▶ _Task goal_
Scan the data, and whenever a line contains "Raggruppa", copy it.

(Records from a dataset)
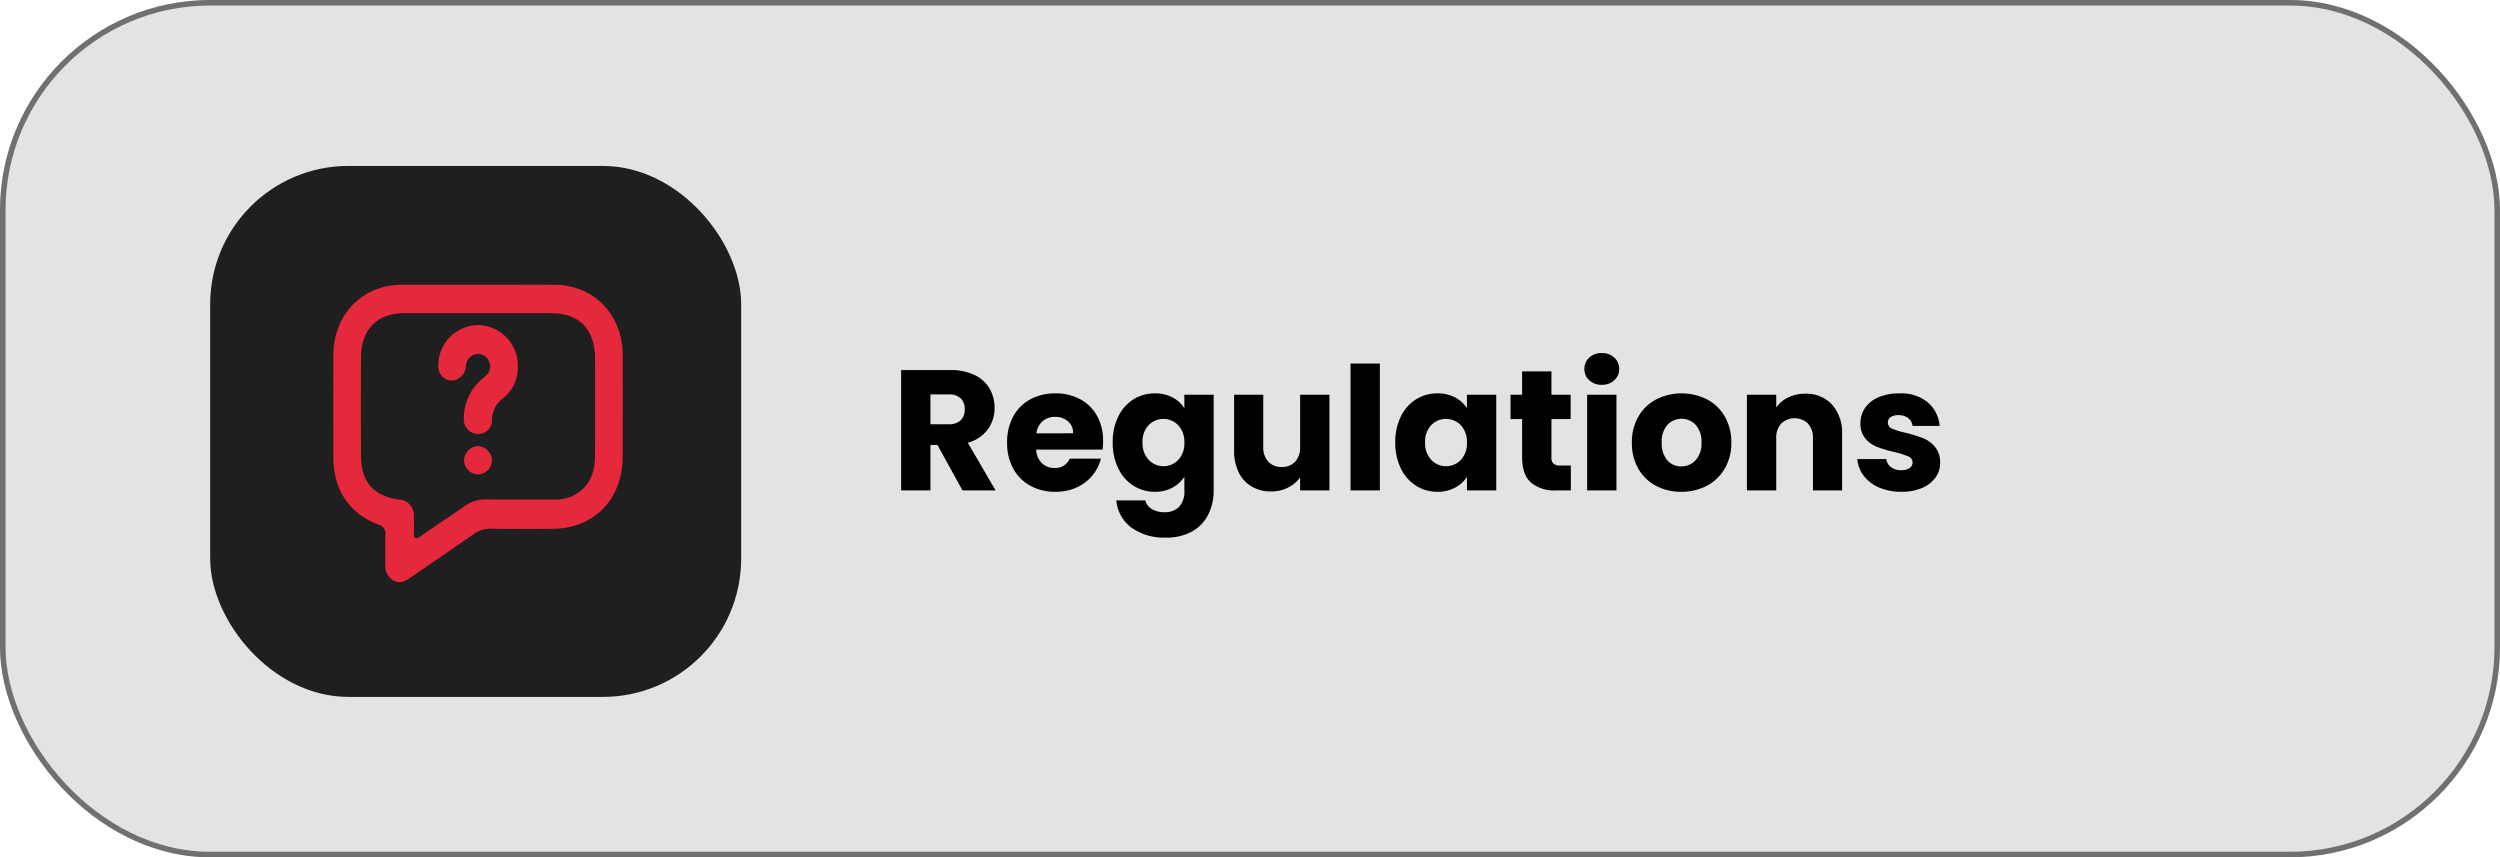 <svg xmlns="http://www.w3.org/2000/svg" width="452" height="155" viewBox="0 0 452 155">
  <g id="Raggruppa_1710" data-name="Raggruppa 1710" transform="translate(-237 -8806.332)">
    <g id="Raggruppa_1507" data-name="Raggruppa 1507" transform="translate(-1430 4123.332)">
      <g id="Raggruppa_1503" data-name="Raggruppa 1503" transform="translate(1667 4683.485)">
        <g id="Rettangolo_597" data-name="Rettangolo 597" transform="translate(0 -0.485)" fill="#e4e3e3" stroke="#707070" stroke-width="1">
          <rect width="452" height="155" rx="38" stroke="none"/>
          <rect x="0.5" y="0.5" width="451" height="154" rx="37.5" fill="none"/>
        </g>
        <g id="Raggruppa_1502" data-name="Raggruppa 1502" transform="translate(37.856 29.358)">
          <rect id="Rettangolo_598" data-name="Rettangolo 598" width="96" height="96" rx="25" transform="translate(0.144 0.157)" fill="#1f1f20"/>
          <g id="Raggruppa_1501" data-name="Raggruppa 1501" transform="translate(22.405 21.632)">
            <g id="Raggruppa_1500" data-name="Raggruppa 1500" transform="translate(0 0)">
              <path id="Tracciato_1200" data-name="Tracciato 1200" d="M26.252.006c4.583,0,9.166-.016,13.749,0,7.055.03,12.284,5.372,12.319,12.612.03,6.17.017,12.341,0,18.511-.015,7.608-5.149,12.927-12.564,13q-5.6.054-11.2-.01a5.113,5.113,0,0,0-3.17.966c-3.784,2.658-7.62,5.237-11.424,7.863-.99.683-1.978,1.176-3.153.5a3.1,3.1,0,0,1-1.4-2.984c-.009-1.749-.037-3.5.006-5.247a1.62,1.62,0,0,0-1.2-1.827C2.884,41.376.021,37.1.011,31.245q-.017-9.256,0-18.511C.034,5.394,5.235.038,12.361.01,16.991-.009,21.622.006,26.252.006Zm-.075,5.136c-4.44,0-8.879-.012-13.319,0-4.968.017-7.838,2.963-7.851,8.07q-.023,8.815,0,17.63c.009,4.776,2.224,7.356,6.836,8a2.807,2.807,0,0,1,2.709,2.976c.055.968.047,1.943.015,2.913-.037,1.133.246,1.435,1.26.725,2.615-1.832,5.29-3.572,7.9-5.417A6.492,6.492,0,0,1,27.7,38.816c4.156.04,8.312,0,12.469.018a6.807,6.807,0,0,0,3.779-1.017c2.477-1.562,3.361-3.969,3.372-6.8q.035-8.815.005-17.63c-.01-5.311-2.837-8.23-7.975-8.242C34.961,5.134,30.569,5.142,26.177,5.142Z" transform="translate(0 0)" fill="#e5283b"/>
              <path id="Tracciato_1201" data-name="Tracciato 1201" d="M14.376,7.536a7.108,7.108,0,0,1-2.658,5.695,4.766,4.766,0,0,0-2.006,3.792A2.509,2.509,0,0,1,6.98,19.688a2.651,2.651,0,0,1-2.356-2.935,9.239,9.239,0,0,1,3.054-6.8c.349-.326.748-.6,1.067-.953A2.093,2.093,0,0,0,9.1,6.454,2.056,2.056,0,0,0,7.02,5.216,2.2,2.2,0,0,0,5.082,6.9c-.1.32-.086.675-.167,1a2.636,2.636,0,0,1-2.681,2.123A2.53,2.53,0,0,1,0,7.311,7.285,7.285,0,0,1,7.145,0,7.31,7.31,0,0,1,14.376,7.536Z" transform="translate(18.984 7.303)" fill="#e5283b"/>
            </g>
            <path id="Tracciato_1202" data-name="Tracciato 1202" d="M5.038,2.536A2.589,2.589,0,0,1,2.656,5.1,2.57,2.57,0,0,1,0,2.674,2.645,2.645,0,0,1,2.451,0,2.636,2.636,0,0,1,5.038,2.536Z" transform="translate(23.647 29.187)" fill="#e5283b"/>
          </g>
        </g>
      </g>
    </g>
    <path id="Tracciato_2316" data-name="Tracciato 2316" d="M13.02,33,8.494,24.785H7.223V33h-5.3V11.238h8.9a9.8,9.8,0,0,1,4.386.9A6.193,6.193,0,0,1,17.918,14.6a6.877,6.877,0,0,1,.9,3.488,6.477,6.477,0,0,1-1.224,3.875,6.591,6.591,0,0,1-3.612,2.418L19,33Zm-5.8-11.966h3.286a3.008,3.008,0,0,0,2.186-.713,2.691,2.691,0,0,0,.729-2.015,2.607,2.607,0,0,0-.729-1.953,3.008,3.008,0,0,0-2.186-.713H7.223ZM38.44,24.072a13.532,13.532,0,0,1-.093,1.55h-12a3.6,3.6,0,0,0,1.038,2.465,3.173,3.173,0,0,0,2.247.852A2.786,2.786,0,0,0,32.4,27.265h5.642a7.742,7.742,0,0,1-1.565,3.069,7.838,7.838,0,0,1-2.836,2.139,9.111,9.111,0,0,1-3.813.775A9.278,9.278,0,0,1,25.3,32.163a7.717,7.717,0,0,1-3.1-3.1,9.57,9.57,0,0,1-1.116-4.712,9.679,9.679,0,0,1,1.1-4.712,7.617,7.617,0,0,1,3.084-3.1,9.344,9.344,0,0,1,4.557-1.085,9.25,9.25,0,0,1,4.464,1.054,7.568,7.568,0,0,1,3.054,3.007A9.127,9.127,0,0,1,38.44,24.072Zm-5.425-1.4a2.725,2.725,0,0,0-.93-2.17A3.423,3.423,0,0,0,29.76,19.7a3.357,3.357,0,0,0-2.247.775,3.442,3.442,0,0,0-1.132,2.2ZM47.8,15.454a6.657,6.657,0,0,1,3.208.744,5.481,5.481,0,0,1,2.124,1.953V15.7h5.3V32.969a9.729,9.729,0,0,1-.945,4.324,7.206,7.206,0,0,1-2.883,3.084,9.326,9.326,0,0,1-4.82,1.147,10.026,10.026,0,0,1-6.231-1.813A6.845,6.845,0,0,1,40.827,34.8h5.239a2.508,2.508,0,0,0,1.178,1.565,4.294,4.294,0,0,0,2.294.574,3.606,3.606,0,0,0,2.619-.945,4.055,4.055,0,0,0,.977-3.022V30.52a5.879,5.879,0,0,1-2.139,1.968,6.458,6.458,0,0,1-3.193.76,7.087,7.087,0,0,1-3.875-1.1,7.6,7.6,0,0,1-2.743-3.131,10.436,10.436,0,0,1-1.007-4.7,10.338,10.338,0,0,1,1.007-4.681,7.515,7.515,0,0,1,2.743-3.1A7.162,7.162,0,0,1,47.8,15.454Zm5.332,8.9a4.334,4.334,0,0,0-1.1-3.131A3.725,3.725,0,0,0,46.67,21.2a4.279,4.279,0,0,0-1.1,3.115,4.39,4.39,0,0,0,1.1,3.146,3.691,3.691,0,0,0,5.363.016A4.334,4.334,0,0,0,53.134,24.351ZM79.36,15.7V33h-5.3V30.644a5.818,5.818,0,0,1-2.186,1.844,6.669,6.669,0,0,1-3.053.7,6.839,6.839,0,0,1-3.5-.883,5.957,5.957,0,0,1-2.356-2.558,8.7,8.7,0,0,1-.837-3.937V15.7h5.27V25.1a3.8,3.8,0,0,0,.9,2.7,3.152,3.152,0,0,0,2.418.961,3.191,3.191,0,0,0,2.449-.961,3.8,3.8,0,0,0,.9-2.7V15.7Zm9.114-5.642V33h-5.3V10.06Zm2.79,14.26a10.338,10.338,0,0,1,1.007-4.681,7.515,7.515,0,0,1,2.743-3.1,7.162,7.162,0,0,1,3.875-1.085,6.657,6.657,0,0,1,3.209.744,5.481,5.481,0,0,1,2.123,1.953V15.7h5.3V33h-5.3V30.551a5.724,5.724,0,0,1-2.154,1.953,6.657,6.657,0,0,1-3.209.744,7.034,7.034,0,0,1-3.844-1.1,7.6,7.6,0,0,1-2.743-3.131A10.436,10.436,0,0,1,91.264,24.32Zm12.958.031a4.334,4.334,0,0,0-1.1-3.131,3.725,3.725,0,0,0-5.363-.016,4.279,4.279,0,0,0-1.1,3.115,4.39,4.39,0,0,0,1.1,3.146,3.691,3.691,0,0,0,5.363.016A4.334,4.334,0,0,0,104.222,24.351Zm18.786,4.154V33h-2.7a6.6,6.6,0,0,1-4.495-1.41q-1.612-1.41-1.612-4.6V20.1H112.1V15.7H114.2V11.486h5.3V15.7h3.472v4.4H119.5v6.944a1.453,1.453,0,0,0,.372,1.116,1.816,1.816,0,0,0,1.24.341Zm5.611-14.6a3.213,3.213,0,0,1-2.279-.821,2.662,2.662,0,0,1-.883-2.031,2.7,2.7,0,0,1,.883-2.062,3.213,3.213,0,0,1,2.279-.821,3.171,3.171,0,0,1,2.247.821,2.7,2.7,0,0,1,.883,2.062,2.662,2.662,0,0,1-.883,2.031A3.171,3.171,0,0,1,128.619,13.9Zm2.635,1.8V33h-5.3V15.7Zm11.718,17.546a9.548,9.548,0,0,1-4.573-1.085,7.945,7.945,0,0,1-3.193-3.1,9.263,9.263,0,0,1-1.163-4.712,9.189,9.189,0,0,1,1.178-4.7,7.993,7.993,0,0,1,3.224-3.115,10.243,10.243,0,0,1,9.176,0,7.993,7.993,0,0,1,3.224,3.115,9.189,9.189,0,0,1,1.178,4.7,9.1,9.1,0,0,1-1.193,4.7,8.071,8.071,0,0,1-3.255,3.115A9.731,9.731,0,0,1,142.972,33.248Zm0-4.588a3.453,3.453,0,0,0,2.589-1.116,4.434,4.434,0,0,0,1.069-3.193,4.516,4.516,0,0,0-1.038-3.193,3.523,3.523,0,0,0-5.13-.016,4.549,4.549,0,0,0-1.023,3.208,4.605,4.605,0,0,0,1.008,3.193A3.261,3.261,0,0,0,142.972,28.66Zm22.413-13.144a6.278,6.278,0,0,1,4.852,1.969,7.678,7.678,0,0,1,1.813,5.41V33h-5.27V23.607a3.8,3.8,0,0,0-.9-2.7,3.523,3.523,0,0,0-4.836,0,3.8,3.8,0,0,0-.9,2.7V33h-5.3V15.7h5.3V18a5.593,5.593,0,0,1,2.17-1.814A6.9,6.9,0,0,1,165.385,15.516Zm17.391,17.732a9.942,9.942,0,0,1-4.03-.775,6.883,6.883,0,0,1-2.79-2.123,5.586,5.586,0,0,1-1.147-3.023h5.239a2.014,2.014,0,0,0,.837,1.457,2.961,2.961,0,0,0,1.829.558,2.611,2.611,0,0,0,1.535-.387,1.187,1.187,0,0,0,.542-1.007,1.162,1.162,0,0,0-.775-1.1,15.657,15.657,0,0,0-2.511-.791,23.575,23.575,0,0,1-3.1-.915,5.356,5.356,0,0,1-2.139-1.519,4.14,4.14,0,0,1-.9-2.806,4.764,4.764,0,0,1,.822-2.712,5.531,5.531,0,0,1,2.418-1.937,9.259,9.259,0,0,1,3.8-.713,7.613,7.613,0,0,1,5.13,1.612,6.272,6.272,0,0,1,2.154,4.278h-4.9a2.111,2.111,0,0,0-.79-1.426,2.742,2.742,0,0,0-1.751-.527,2.422,2.422,0,0,0-1.426.357,1.138,1.138,0,0,0-.5.976,1.192,1.192,0,0,0,.791,1.116,12.661,12.661,0,0,0,2.464.744,26.962,26.962,0,0,1,3.131.976,5.4,5.4,0,0,1,2.124,1.55,4.386,4.386,0,0,1,.945,2.868,4.551,4.551,0,0,1-.852,2.712,5.638,5.638,0,0,1-2.449,1.876A9.366,9.366,0,0,1,182.776,33.248Z" transform="translate(398 8862)"/>
  </g>
</svg>

▶ _Answer section_
  <g id="Raggruppa_1710" data-name="Raggruppa 1710" transform="translate(-237 -8806.332)">
    <g id="Raggruppa_1507" data-name="Raggruppa 1507" transform="translate(-1430 4123.332)">
      <g id="Raggruppa_1503" data-name="Raggruppa 1503" transform="translate(1667 4683.485)">
        <g id="Raggruppa_1502" data-name="Raggruppa 1502" transform="translate(37.856 29.358)">
          <g id="Raggruppa_1501" data-name="Raggruppa 1501" transform="translate(22.405 21.632)">
            <g id="Raggruppa_1500" data-name="Raggruppa 1500" transform="translate(0 0)">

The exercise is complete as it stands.